4 Publié par Visiteur
01/08/2016 14:58

Bonjour,
Je suis un homme et depuis plus de 2 ans j'ai une collègue qui de manière délibérée, refuse de me dire bonjour, refuse d'aller dans mon bureau (de 3 personnes) pour le travail quand j'y suis, refuse toute continuité de service quant à la reprise de dossiers desquels je serais à l'origine mais ne pourrais poursuivre (absence congés, maladie, etc...) Plusieurs personnes ont été témoins de la volonté délibérée de ne pas dire bonjour en entrant dans le bureau, d'ignorer nettement ma présence, et de volontairement esquiver tout sujet me concernant.
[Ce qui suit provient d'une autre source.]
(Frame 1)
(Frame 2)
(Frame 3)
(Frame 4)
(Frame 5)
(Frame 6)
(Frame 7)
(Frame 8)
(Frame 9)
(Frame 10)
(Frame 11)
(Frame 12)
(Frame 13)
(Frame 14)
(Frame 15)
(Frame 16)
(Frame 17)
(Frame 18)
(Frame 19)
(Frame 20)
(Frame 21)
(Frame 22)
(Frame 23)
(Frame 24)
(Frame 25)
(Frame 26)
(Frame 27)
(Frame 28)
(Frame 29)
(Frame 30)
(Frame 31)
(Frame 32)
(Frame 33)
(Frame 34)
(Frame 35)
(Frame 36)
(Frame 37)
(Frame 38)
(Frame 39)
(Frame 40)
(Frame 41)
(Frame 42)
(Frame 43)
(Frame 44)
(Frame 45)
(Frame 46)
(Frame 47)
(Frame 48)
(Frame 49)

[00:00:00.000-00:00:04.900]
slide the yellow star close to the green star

Peut on parler de harcèlement moral ? (A noter que je travaille dans l'administration d'état)
Je vous remercie

5 Publié par Maitre Anthony Bem
01/08/2016 17:25

Bonjour Dark ,

Je crains qu'aucun harcèlement moral ne puisse valablement être invoqué dans votre cas eu égard aux seuls refus de votre collègue de vous dire bonjour, d'aller dans votre bureau, ou de reprendre des dossiers de travail.
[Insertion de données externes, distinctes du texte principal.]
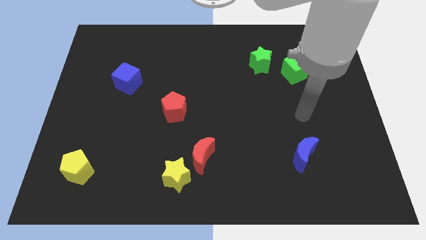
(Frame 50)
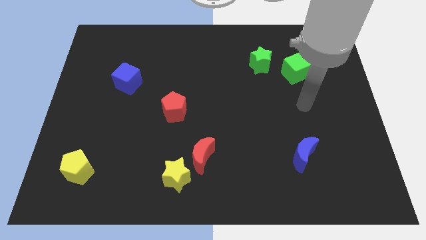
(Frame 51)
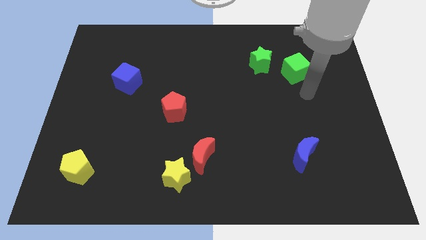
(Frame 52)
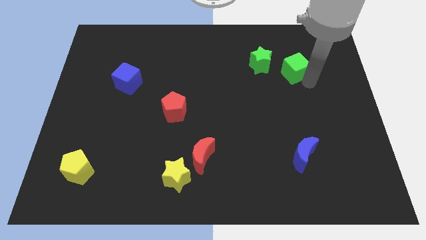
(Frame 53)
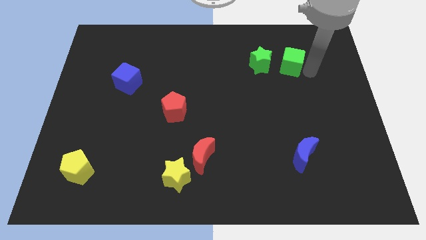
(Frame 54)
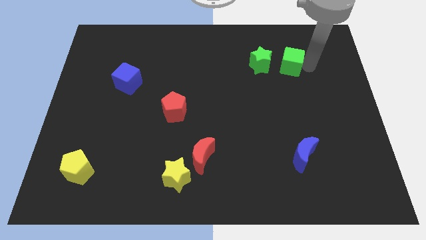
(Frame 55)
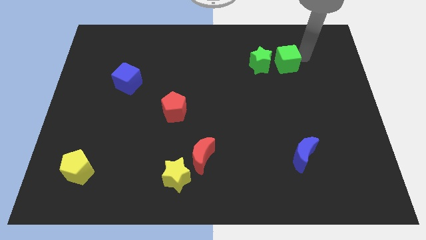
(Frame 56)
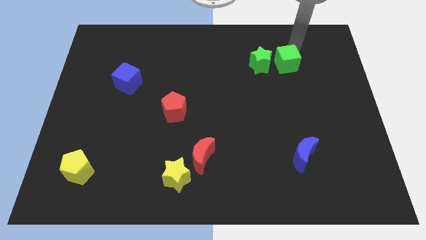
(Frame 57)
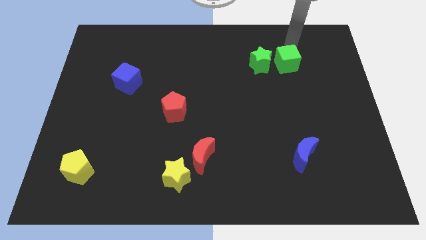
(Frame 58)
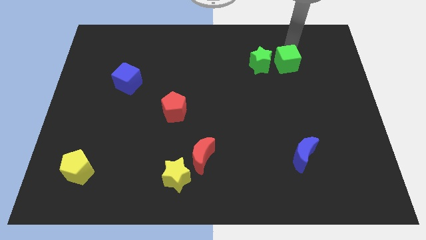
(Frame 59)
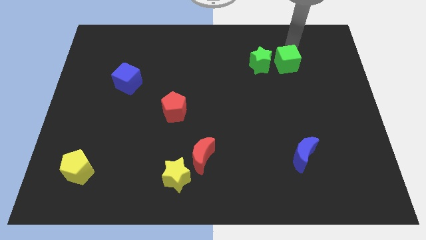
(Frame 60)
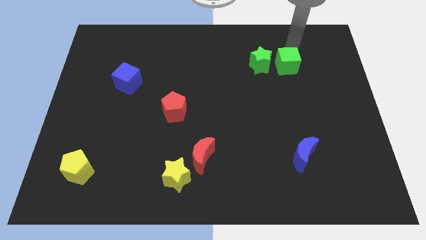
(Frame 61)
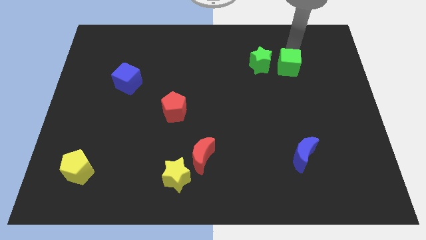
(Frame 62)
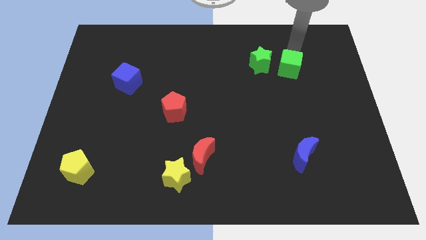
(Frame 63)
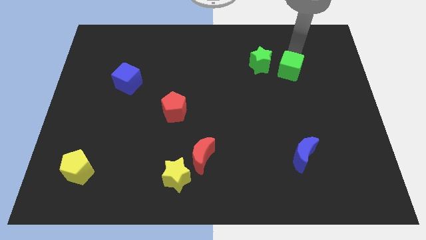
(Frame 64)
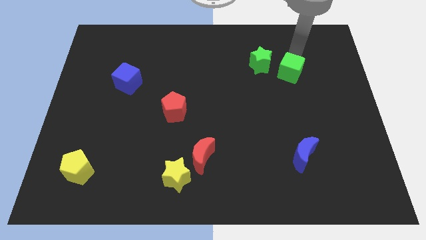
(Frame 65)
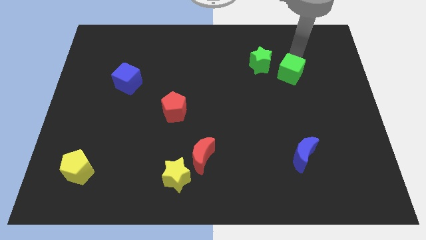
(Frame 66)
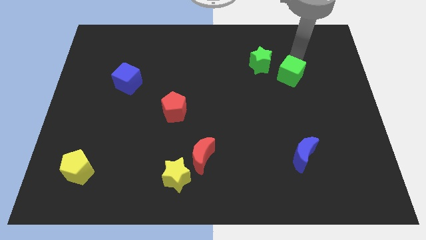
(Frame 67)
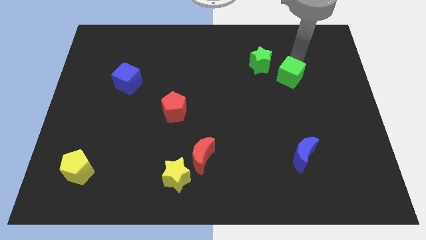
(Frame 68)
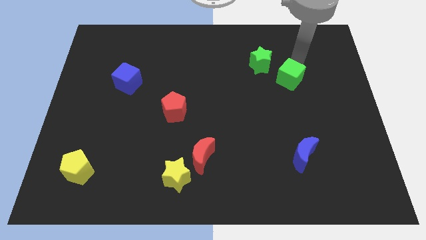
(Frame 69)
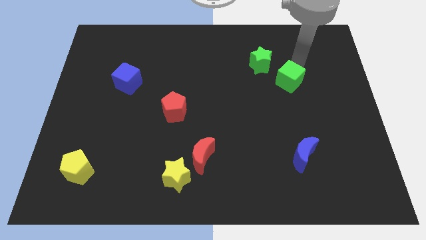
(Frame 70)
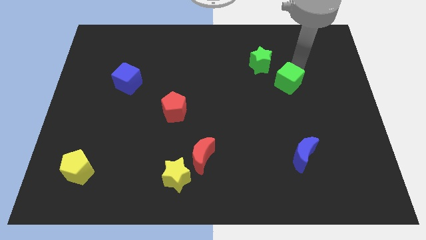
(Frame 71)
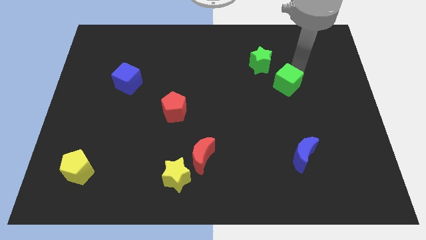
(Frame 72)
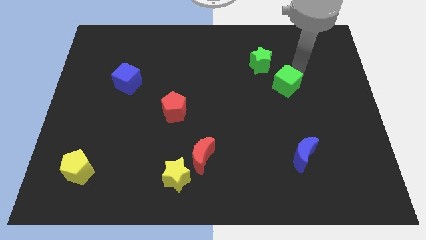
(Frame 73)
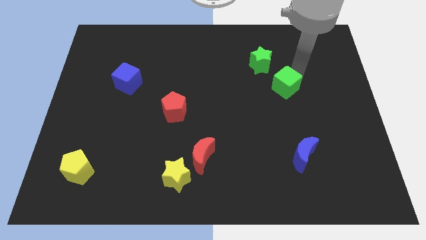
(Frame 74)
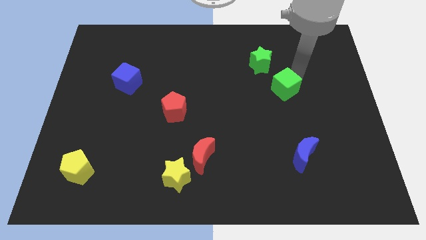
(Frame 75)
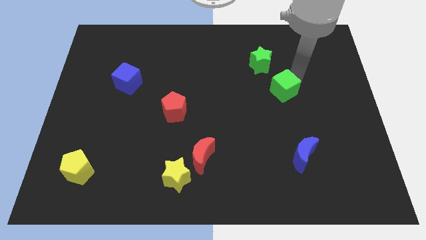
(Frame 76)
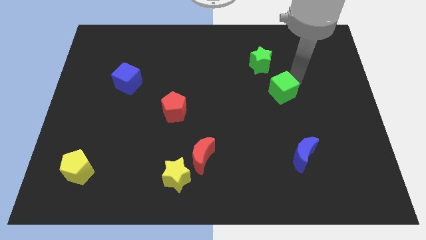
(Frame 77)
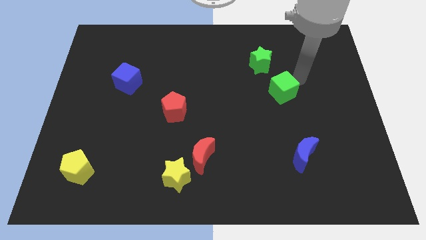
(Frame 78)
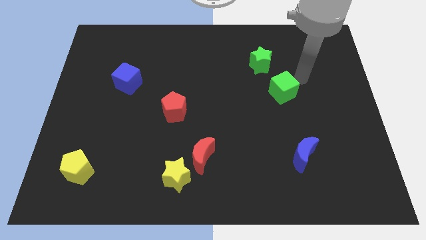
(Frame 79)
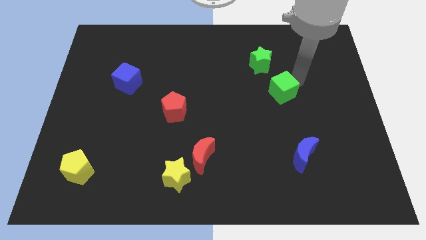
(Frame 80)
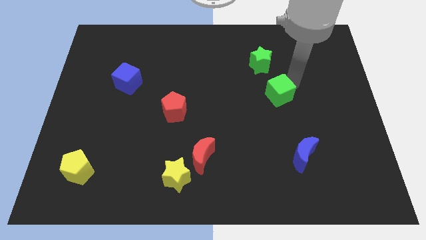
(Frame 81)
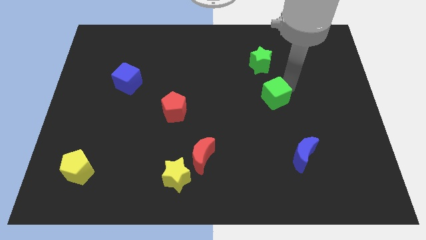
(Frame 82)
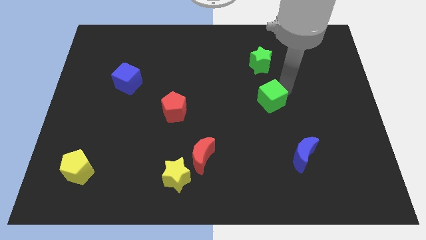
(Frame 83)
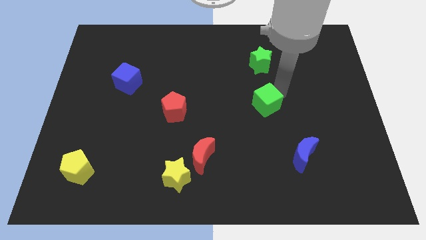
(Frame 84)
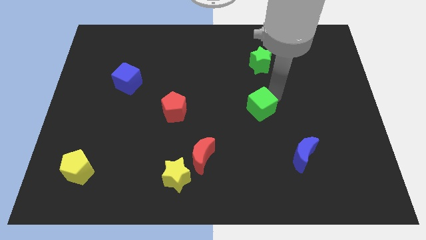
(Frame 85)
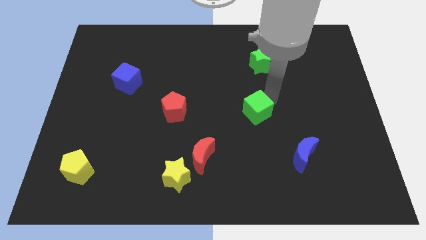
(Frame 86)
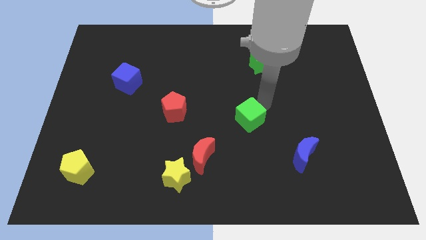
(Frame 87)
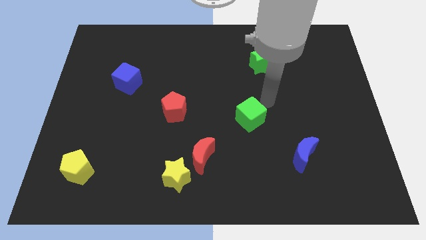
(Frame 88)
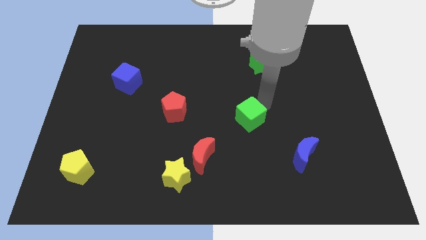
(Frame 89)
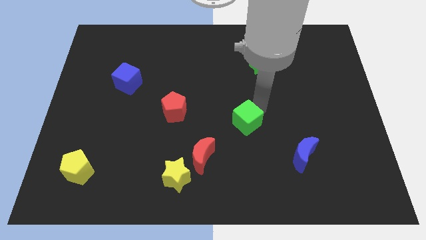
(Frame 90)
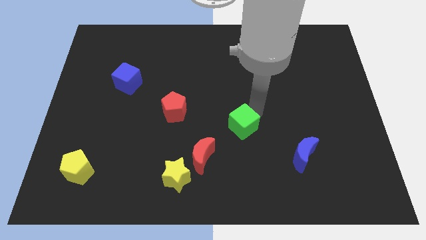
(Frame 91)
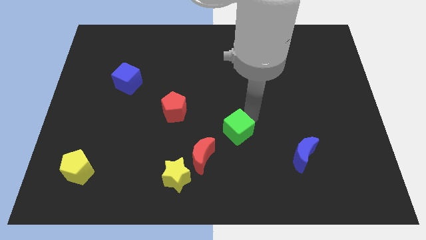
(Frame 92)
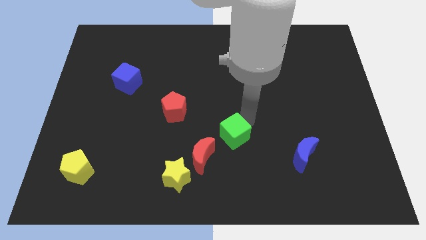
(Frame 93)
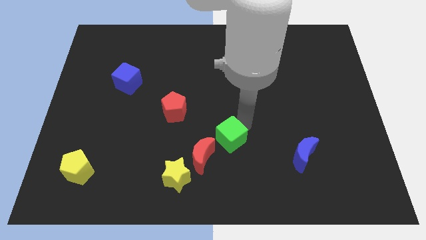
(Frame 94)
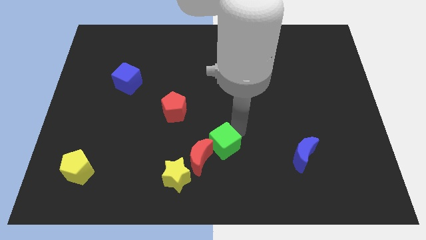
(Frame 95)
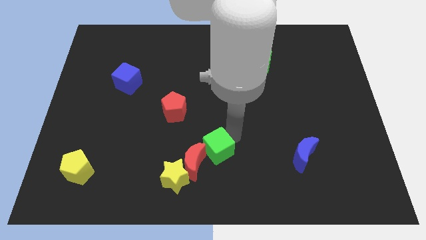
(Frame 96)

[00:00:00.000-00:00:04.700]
put the green cube close to the red moon

Il me semble qu'il y aurait plus une faute professionnelle sur ce denier point.

Cordialement.

6 Publié par Visiteur
06/09/2016 22:12

Bonjour
Je travaille au département du 27 et notre directrice du territoire et des pratiques managériales se traduisant par un comportement agressif et dévalorisant envers son équipe, qui se traduit notamment par de nombreux propos menaçantes, insultants et injurieux déresponsabilise son équipe,et par l’instauration d’une mauvaise ambiance de travail (peur) au sein de l’équipe qui lui était confiée
Si nous voulons prévenir elle va nous "péter la gueule" ou elle nous le "ferra payer" (les " sont ces dires"
Aucun soutien de sa part
Nous avons prévenu la Drh qui prends "note" de nos dires mais rien n'est fait sauf de lui tenir au courant et cela est pires pour nous tous par la suite
Actuellement en réorganisations de services elle profite pour nous rabaisser et faire des changements selon ses envies

7 Publié par Visiteur
06/09/2016 22:17

Suite du message noemat

Que faire pour changer cette situation qui est invivable
Nous avons peur d'allerau boulot
Des qu'elle se montre nous avons mal à l'estomac et nous évitons de discuter dans le couloir ou entre nous
Etc etc
Je vous en remercie
Cordialement

8 Publié par Maitre Anthony Bem
06/09/2016 23:02

Bonjour Noemat,

Vous pouvez déposer une plainte auprès du procureur de la république contre votre directrice du territoire pour harcèlement moral au travail.

Votre employeur est responsable au titre de son obligation de sécurité de résultat et il conviendrait qu'un avocat lui rappelle ses obligations afin de faire évoluer la situation en interne.

Une action devant le juge administratif permettrait aussi d'obtenir une indemnisation au titre des préjudices subis si vous disposez d'un dossier complet.

La protection fonctionnelle doit aussi être accordée par votre employeur afin que vos frais d'avocat soient pris en charge pour partie par celui-ci.

Cordialement.

9 Publié par Visiteur
12/09/2016 23:34

Peut on porter plainte contre un président de l'université pour n avoir rien fait suite à un harcèlement moral d une personne alors que je le est demander à plusieurs reprise de me protéger.

10 Publié par Visiteur
16/09/2016 03:29

De nombreux cas de harcèlement moral à la Direction Générale de l'Aviatiin Civile, dans plusieurs services, les chefs de service étant des ingénieurs des ponts, la marge de manoeuvre est limitée et de nombreux agents sont condamnés à subir, les syndicats n'intervenant pas.